United States District Court, S.D. Indiana, Indianapolis Division

March 1, 2019

JAMES F. GRIFFITH, Plaintiff,
v.
F. BRANNICK, D. HASKINS, YARBAR, DEVINE, E. DRADA, N. LYDAY, PHILLIPS, Defendants.

          DAVID A. ARTHUR INDIANA ATTORNEY GENERAL

          JOSHUA ROBERT LOWRY INDIANA ATTORNEY GENERAL

          ORDER ON PLAINTIFF'S VERFIED MOTION TO RECONSIDER PARTS OF ORDER AT DOCKET NO. 104

          MARK J. DINSMORE UNITED STATE MAGISTRATE JUDGE

         This matter is before the Court on Plaintiff's Verified Motion to Reconsider Parts ofOrder on Plaintiff's Verified Fourth and Fifth Motions to Compel Discovery.” [Dkt. 112.] On January 17, 2019, the Court issued its Order [Dkt. 104] on two motions: 1) Plaintiff's Verified Fourth Motion to Compel Discovery [Dkt. 87] and 2) Plaintiff's Verified Fifth Motion to Compel Discovery [Dkt. 93], granting in part and denying in part Plaintiff's motions.

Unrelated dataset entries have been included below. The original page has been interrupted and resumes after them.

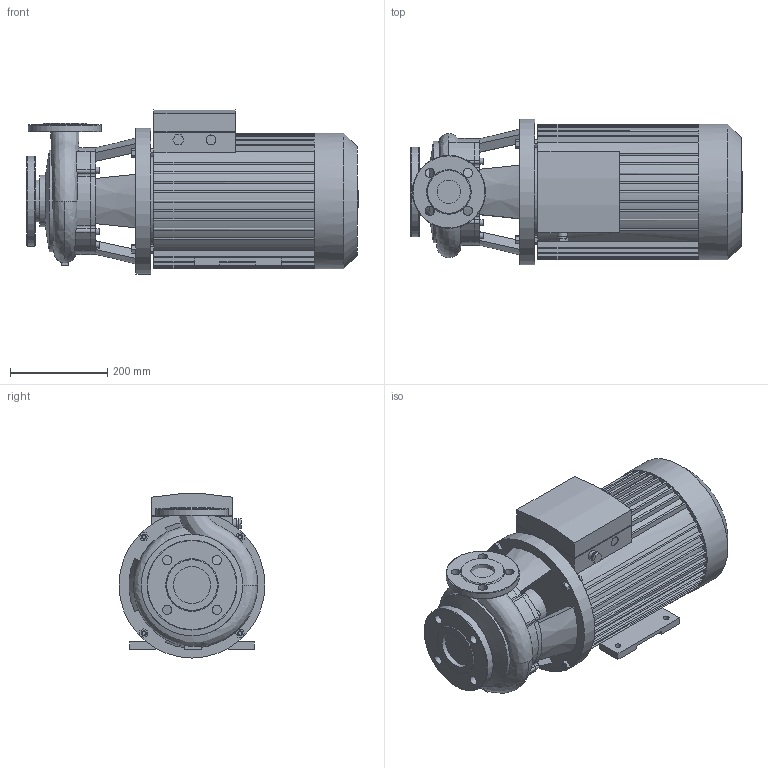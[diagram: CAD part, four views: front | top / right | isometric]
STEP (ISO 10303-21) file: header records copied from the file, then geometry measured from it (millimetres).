
FILE_DESCRIPTION(/* description */ (''),/* implementation_level */ '2;1');
FILE_NAME(/* name */ '3d_BL40_170-7_5_2-2121138.stp',/* time_stamp */ '2017-11-06T15:09:44+01:00',/* author */ ('Andrzej'),/* organization */ (''),/* preprocessor_version */ 'ST-DEVELOPER v16.13',/* originating_system */ 'AutoCAD Mechanical',/* authorisation */ '');
FILE_SCHEMA (('AUTOMOTIVE_DESIGN { 1 0 10303 214 3 1 1 }'));
Length unit declared in the file: millimetre
Products named in the file (1): Product
Bounding box: 682.5 x 300 x 337.16 mm (x, y, z)
Volume: 34130181.5 mm3; surface area: 1434651 mm2
Topology: 10 solids, 10 shells, 530 faces, 1369 edges, 887 vertices
Faces by surface type: plane 317, cylinder 162, bspline 31, cone 16, torus 4
Full cylindrical faces by diameter (mm): 10 x4, 12 x4, 13 x8, 16 x1, 19 x8, 20 x4, 48.3 x1, 76.1 x1, 80 x1, 86.1 x1, 106.1 x1, 150 x1, 185 x1, 199 x1, 208.36 x1, 279 x1, 300 x1
Entity records: 19558 total; most frequent: CARTESIAN_POINT 6649, DIRECTION 2648, ORIENTED_EDGE 2618, EDGE_CURVE 1309, AXIS2_PLACEMENT_3D 928, VERTEX_POINT 879, LINE 792, VECTOR 792

For the reasons set forth below, the Court now DENIES Plaintiff's Motion to Reconsider.

         I. Background

         In this action, Plaintiff, a prisoner incarcerated at New Castle Correctional Facility, brings excessive use of force claims against correctional officer Defendants that he asserts occurred while he was housed at Wabash Valley Correctional Facility [Dkt. 5 at 1.] Plaintiff alleges that on June 2, 2016 Defendants dragged him to F cell house and carried him down the stairs out of the view of cameras. [Dkt. 5 at 2.] While Plaintiff was handcuffed, he contends Defendants body slammed, jumped on, and began beating him. [Dkt. 5 at 2.] In relevant part of Plaintiff's Verified Fourth and Fifth Motions to Compel, the Court granted the following discovery requests in its January 17, 2019 Order:

1). Plaintiff's Verified Fourth Motion is GRANTED IN PART as to Plaintiff's Interrogatory No. 11 to the limited extent that the Court directs Defendants to identify what inmate grievances, if any, were filed against them complaining of the use of physical force and detailing the alleged nature of that force between June 2, 2014 and June 2, 2017. Confidential or sensitive security information may be redacted. Contemporaneous with the production of these responses to Plaintiff, Defendants are ordered to provide copies of both the redacted and the unredacted grievance records in an ex-parte filing for in camera review.
2). The Court GRANTS IN PART Plaintiff's Request for Production No. 2 to the limited extent that the Court directs Defendants to produce any use of force reports they participated in creating in response to an inmate grievance or where medical care was provided to an inmate as a result of the interaction between June 2, 2014 and June 2, 2017. Confidential or sensitive security information may be redacted. Contemporaneous with the production of these redacted documents to Plaintiff, Defendants are ordered to provide copies of both the redacted and unredacted use of force reports in an ex-parte filing for in camera review.

[See Dkt. 104.]

         Plaintiff timely filed his Verified Motion to Reconsider on February 7, 2019, urging the Court to reconsider the limitations placed upon 1). Plaintiff's Interrogatory No. 11 involving inmate grievances filed for use of physical force between June 2, 2014 and June 2, 2017 and 2).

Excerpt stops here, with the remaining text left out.